Over the millennia, concrete prepared by the Romans using lime, pozzolona, and aggregates has survived giving proof of its durability. The Roman cement and the small artifacts were made using knowledge of geopolymer techniques. [Carraher, C., and Pittman, C., (2009), Nugteren, H., “Geopolymers” (2008)]
The aging infrastructure is one of the most serious problems faced by society today. For the United States, the 20th century was one of unprecedented population growth, economic development, and improved quality of life. The infrastructure systems [Pinkas, J., (2005), Duxson, P., Fernandez-Jimenez, A., Provis, J., Lukey, G., Palomo, A., van Deventer, J., (2007)] water, wastewater, power, transportation, and telecommunications – built in the 20th century have become so much a part of modern life.

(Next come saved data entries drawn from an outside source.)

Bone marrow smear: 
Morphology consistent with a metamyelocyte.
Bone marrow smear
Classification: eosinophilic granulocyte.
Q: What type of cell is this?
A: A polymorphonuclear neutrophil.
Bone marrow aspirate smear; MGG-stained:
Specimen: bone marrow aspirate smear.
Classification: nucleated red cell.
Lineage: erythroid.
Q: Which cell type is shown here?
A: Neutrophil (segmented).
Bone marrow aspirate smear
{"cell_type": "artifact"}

Large segments and components of the nation’s critical infrastructure systems including steel and reinforced concrete structures are now 50 to 100 years old and are now compromised. In the past decades, professionals focused primarily on new construction but today as much of the aging infrastructure reaches the end of its designed lifetime, the emphasis is on maintaining and extending the life of these valuable assets.

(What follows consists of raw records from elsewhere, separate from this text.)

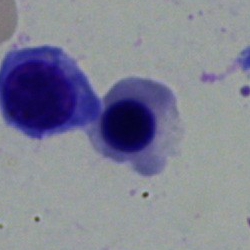

{"cell_type": "erythroblast", "lineage": "erythroid"}
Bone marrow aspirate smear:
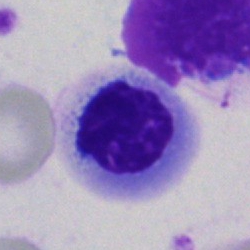 Morphology consistent with a nucleated red cell.
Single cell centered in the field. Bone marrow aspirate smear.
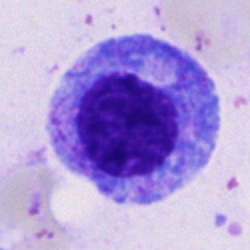Single cell identified as a progranulocyte.

For the nation to meet the challenges of the 21st century, a new paradigm of innovative materials is needed from which practical and cost-effective solutions can be developed that will lead to resilient, cost-effective, and environmentally sustainable infrastructure systems. The U.S. Federal Highway Administration (FHWA) released a break-through 2-year study in 2002 on the direct costs associated with deterioration of infrastructure due to metallic corrosion in nearly every U.S. industry sector, from infrastructure and transportation to production and manufacturing. Initiated by National Association for Corrosion Engineers (NACE) and mandated by the U.S. Congress in 1999 as part of the Transportation Equity Act for the 21st Century (TEA-21), the study provides current cost estimates for the time and identifies national strategies to minimize the impact of corrosion on infrastructure. The study [Kosslick, H., and Fricke, R., (2007)], entitled “Corrosion Costs and Preventive Strategies in the United States,” was conducted from 1999 to 2001 by CC Technologies Laboratories, Inc., with support from FHWA and NACE. Results of the study show that the total annual estimated direct cost of corrosion in the U.S. is a staggering $276 billion-approximately 3.1% of the nation’s Gross Domestic Product (GDP). It reveals that, although corrosion management has improved over the past several decades, the US must find more and better ways to encourage, support, and implement optimal corrosion control practices. New or improved multi-functional materials need to be developed to provide for increased service life of infrastructure, security, and safety elements of the critical infrastructure.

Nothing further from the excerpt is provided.